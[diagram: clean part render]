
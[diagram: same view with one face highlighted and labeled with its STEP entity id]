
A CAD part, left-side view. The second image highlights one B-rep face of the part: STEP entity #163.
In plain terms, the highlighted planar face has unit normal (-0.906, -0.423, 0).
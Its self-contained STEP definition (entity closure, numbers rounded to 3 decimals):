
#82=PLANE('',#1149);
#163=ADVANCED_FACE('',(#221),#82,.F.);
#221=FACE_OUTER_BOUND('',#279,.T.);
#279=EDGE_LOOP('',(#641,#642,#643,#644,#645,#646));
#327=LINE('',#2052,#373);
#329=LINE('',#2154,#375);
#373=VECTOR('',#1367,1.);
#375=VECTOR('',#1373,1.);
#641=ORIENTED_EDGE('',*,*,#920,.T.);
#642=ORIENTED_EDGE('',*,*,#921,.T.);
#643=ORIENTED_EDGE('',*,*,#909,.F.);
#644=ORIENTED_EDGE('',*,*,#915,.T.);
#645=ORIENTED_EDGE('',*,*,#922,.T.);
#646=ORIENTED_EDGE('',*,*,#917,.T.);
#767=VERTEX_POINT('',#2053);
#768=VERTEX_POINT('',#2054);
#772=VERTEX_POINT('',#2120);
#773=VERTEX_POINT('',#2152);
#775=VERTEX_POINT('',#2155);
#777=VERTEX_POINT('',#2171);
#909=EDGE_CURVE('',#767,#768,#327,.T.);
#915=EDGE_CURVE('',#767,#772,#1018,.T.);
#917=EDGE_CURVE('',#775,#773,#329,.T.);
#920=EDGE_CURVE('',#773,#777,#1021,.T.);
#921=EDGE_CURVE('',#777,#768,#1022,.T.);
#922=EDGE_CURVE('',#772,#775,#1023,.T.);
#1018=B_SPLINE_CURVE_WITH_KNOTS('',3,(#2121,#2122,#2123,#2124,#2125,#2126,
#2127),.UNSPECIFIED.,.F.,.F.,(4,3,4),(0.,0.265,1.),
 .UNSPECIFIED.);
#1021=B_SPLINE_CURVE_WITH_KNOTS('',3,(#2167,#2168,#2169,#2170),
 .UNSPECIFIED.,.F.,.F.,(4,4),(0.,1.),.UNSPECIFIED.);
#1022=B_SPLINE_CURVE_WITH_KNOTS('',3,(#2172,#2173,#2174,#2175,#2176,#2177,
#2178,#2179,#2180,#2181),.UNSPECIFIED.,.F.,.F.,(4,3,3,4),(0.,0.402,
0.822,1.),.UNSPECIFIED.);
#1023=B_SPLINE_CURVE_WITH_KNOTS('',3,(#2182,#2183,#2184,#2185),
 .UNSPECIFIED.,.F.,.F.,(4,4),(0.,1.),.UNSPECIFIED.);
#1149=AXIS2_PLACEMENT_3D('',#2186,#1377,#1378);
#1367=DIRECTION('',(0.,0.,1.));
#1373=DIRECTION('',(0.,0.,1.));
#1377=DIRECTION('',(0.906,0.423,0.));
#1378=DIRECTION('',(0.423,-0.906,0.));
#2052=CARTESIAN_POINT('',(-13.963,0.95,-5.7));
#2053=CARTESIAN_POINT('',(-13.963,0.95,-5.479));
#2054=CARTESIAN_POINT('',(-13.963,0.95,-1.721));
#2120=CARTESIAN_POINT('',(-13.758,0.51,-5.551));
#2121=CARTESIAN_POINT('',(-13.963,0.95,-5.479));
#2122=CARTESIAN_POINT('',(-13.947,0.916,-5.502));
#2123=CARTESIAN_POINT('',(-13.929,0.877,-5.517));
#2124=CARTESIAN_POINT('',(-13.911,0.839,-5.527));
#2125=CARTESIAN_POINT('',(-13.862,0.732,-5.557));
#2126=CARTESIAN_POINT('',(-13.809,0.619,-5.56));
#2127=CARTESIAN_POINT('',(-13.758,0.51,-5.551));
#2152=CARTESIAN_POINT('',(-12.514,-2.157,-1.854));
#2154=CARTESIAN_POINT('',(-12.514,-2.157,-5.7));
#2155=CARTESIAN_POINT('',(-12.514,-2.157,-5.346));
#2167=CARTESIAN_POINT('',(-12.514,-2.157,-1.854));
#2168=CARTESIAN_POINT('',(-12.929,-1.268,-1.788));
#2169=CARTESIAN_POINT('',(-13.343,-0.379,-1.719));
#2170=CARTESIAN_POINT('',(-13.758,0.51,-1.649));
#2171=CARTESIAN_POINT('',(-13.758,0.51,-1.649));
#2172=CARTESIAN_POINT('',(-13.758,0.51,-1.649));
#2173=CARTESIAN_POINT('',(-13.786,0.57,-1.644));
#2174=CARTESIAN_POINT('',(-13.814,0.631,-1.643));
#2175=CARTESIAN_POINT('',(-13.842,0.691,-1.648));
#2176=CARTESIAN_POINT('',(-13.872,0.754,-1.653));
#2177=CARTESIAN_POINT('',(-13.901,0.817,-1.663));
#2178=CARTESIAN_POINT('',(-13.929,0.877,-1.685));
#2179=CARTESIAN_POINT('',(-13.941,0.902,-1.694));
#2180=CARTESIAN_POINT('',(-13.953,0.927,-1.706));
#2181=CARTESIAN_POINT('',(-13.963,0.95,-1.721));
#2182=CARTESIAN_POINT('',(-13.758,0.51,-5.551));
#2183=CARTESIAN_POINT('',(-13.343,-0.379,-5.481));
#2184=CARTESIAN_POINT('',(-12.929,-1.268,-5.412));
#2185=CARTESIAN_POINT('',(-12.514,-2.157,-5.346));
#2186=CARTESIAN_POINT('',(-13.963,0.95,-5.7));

## How to complete this task
Repeat the material word for word, in full.

## Answer box
[diagram: clean part render]
[diagram: same view with one face highlighted and labeled with its STEP entity id]
A CAD part, left-side view. The second image highlights one B-rep face of the part: STEP entity #163.
In plain terms, the highlighted planar face has unit normal (-0.906, -0.423, 0).
Its self-contained STEP definition (entity closure, numbers rounded to 3 decimals):
#82=PLANE('',#1149);
#163=ADVANCED_FACE('',(#221),#82,.F.);
#221=FACE_OUTER_BOUND('',#279,.T.);
#279=EDGE_LOOP('',(#641,#642,#643,#644,#645,#646));
#327=LINE('',#2052,#373);
#329=LINE('',#2154,#375);
#373=VECTOR('',#1367,1.);
#375=VECTOR('',#1373,1.);
#641=ORIENTED_EDGE('',*,*,#920,.T.);
#642=ORIENTED_EDGE('',*,*,#921,.T.);
#643=ORIENTED_EDGE('',*,*,#909,.F.);
#644=ORIENTED_EDGE('',*,*,#915,.T.);
#645=ORIENTED_EDGE('',*,*,#922,.T.);
#646=ORIENTED_EDGE('',*,*,#917,.T.);
#767=VERTEX_POINT('',#2053);
#768=VERTEX_POINT('',#2054);
#772=VERTEX_POINT('',#2120);
#773=VERTEX_POINT('',#2152);
#775=VERTEX_POINT('',#2155);
#777=VERTEX_POINT('',#2171);
#909=EDGE_CURVE('',#767,#768,#327,.T.);
#915=EDGE_CURVE('',#767,#772,#1018,.T.);
#917=EDGE_CURVE('',#775,#773,#329,.T.);
#920=EDGE_CURVE('',#773,#777,#1021,.T.);
#921=EDGE_CURVE('',#777,#768,#1022,.T.);
#922=EDGE_CURVE('',#772,#775,#1023,.T.);
#1018=B_SPLINE_CURVE_WITH_KNOTS('',3,(#2121,#2122,#2123,#2124,#2125,#2126,
#2127),.UNSPECIFIED.,.F.,.F.,(4,3,4),(0.,0.265,1.),
 .UNSPECIFIED.);
#1021=B_SPLINE_CURVE_WITH_KNOTS('',3,(#2167,#2168,#2169,#2170),
 .UNSPECIFIED.,.F.,.F.,(4,4),(0.,1.),.UNSPECIFIED.);
#1022=B_SPLINE_CURVE_WITH_KNOTS('',3,(#2172,#2173,#2174,#2175,#2176,#2177,
#2178,#2179,#2180,#2181),.UNSPECIFIED.,.F.,.F.,(4,3,3,4),(0.,0.402,
0.822,1.),.UNSPECIFIED.);
#1023=B_SPLINE_CURVE_WITH_KNOTS('',3,(#2182,#2183,#2184,#2185),
 .UNSPECIFIED.,.F.,.F.,(4,4),(0.,1.),.UNSPECIFIED.);
#1149=AXIS2_PLACEMENT_3D('',#2186,#1377,#1378);
#1367=DIRECTION('',(0.,0.,1.));
#1373=DIRECTION('',(0.,0.,1.));
#1377=DIRECTION('',(0.906,0.423,0.));
#1378=DIRECTION('',(0.423,-0.906,0.));
#2052=CARTESIAN_POINT('',(-13.963,0.95,-5.7));
#2053=CARTESIAN_POINT('',(-13.963,0.95,-5.479));
#2054=CARTESIAN_POINT('',(-13.963,0.95,-1.721));
#2120=CARTESIAN_POINT('',(-13.758,0.51,-5.551));
#2121=CARTESIAN_POINT('',(-13.963,0.95,-5.479));
#2122=CARTESIAN_POINT('',(-13.947,0.916,-5.502));
#2123=CARTESIAN_POINT('',(-13.929,0.877,-5.517));
#2124=CARTESIAN_POINT('',(-13.911,0.839,-5.527));
#2125=CARTESIAN_POINT('',(-13.862,0.732,-5.557));
#2126=CARTESIAN_POINT('',(-13.809,0.619,-5.56));
#2127=CARTESIAN_POINT('',(-13.758,0.51,-5.551));
#2152=CARTESIAN_POINT('',(-12.514,-2.157,-1.854));
#2154=CARTESIAN_POINT('',(-12.514,-2.157,-5.7));
#2155=CARTESIAN_POINT('',(-12.514,-2.157,-5.346));
#2167=CARTESIAN_POINT('',(-12.514,-2.157,-1.854));
#2168=CARTESIAN_POINT('',(-12.929,-1.268,-1.788));
#2169=CARTESIAN_POINT('',(-13.343,-0.379,-1.719));
#2170=CARTESIAN_POINT('',(-13.758,0.51,-1.649));
#2171=CARTESIAN_POINT('',(-13.758,0.51,-1.649));
#2172=CARTESIAN_POINT('',(-13.758,0.51,-1.649));
#2173=CARTESIAN_POINT('',(-13.786,0.57,-1.644));
#2174=CARTESIAN_POINT('',(-13.814,0.631,-1.643));
#2175=CARTESIAN_POINT('',(-13.842,0.691,-1.648));
#2176=CARTESIAN_POINT('',(-13.872,0.754,-1.653));
#2177=CARTESIAN_POINT('',(-13.901,0.817,-1.663));
#2178=CARTESIAN_POINT('',(-13.929,0.877,-1.685));
#2179=CARTESIAN_POINT('',(-13.941,0.902,-1.694));
#2180=CARTESIAN_POINT('',(-13.953,0.927,-1.706));
#2181=CARTESIAN_POINT('',(-13.963,0.95,-1.721));
#2182=CARTESIAN_POINT('',(-13.758,0.51,-5.551));
#2183=CARTESIAN_POINT('',(-13.343,-0.379,-5.481));
#2184=CARTESIAN_POINT('',(-12.929,-1.268,-5.412));
#2185=CARTESIAN_POINT('',(-12.514,-2.157,-5.346));
#2186=CARTESIAN_POINT('',(-13.963,0.95,-5.7));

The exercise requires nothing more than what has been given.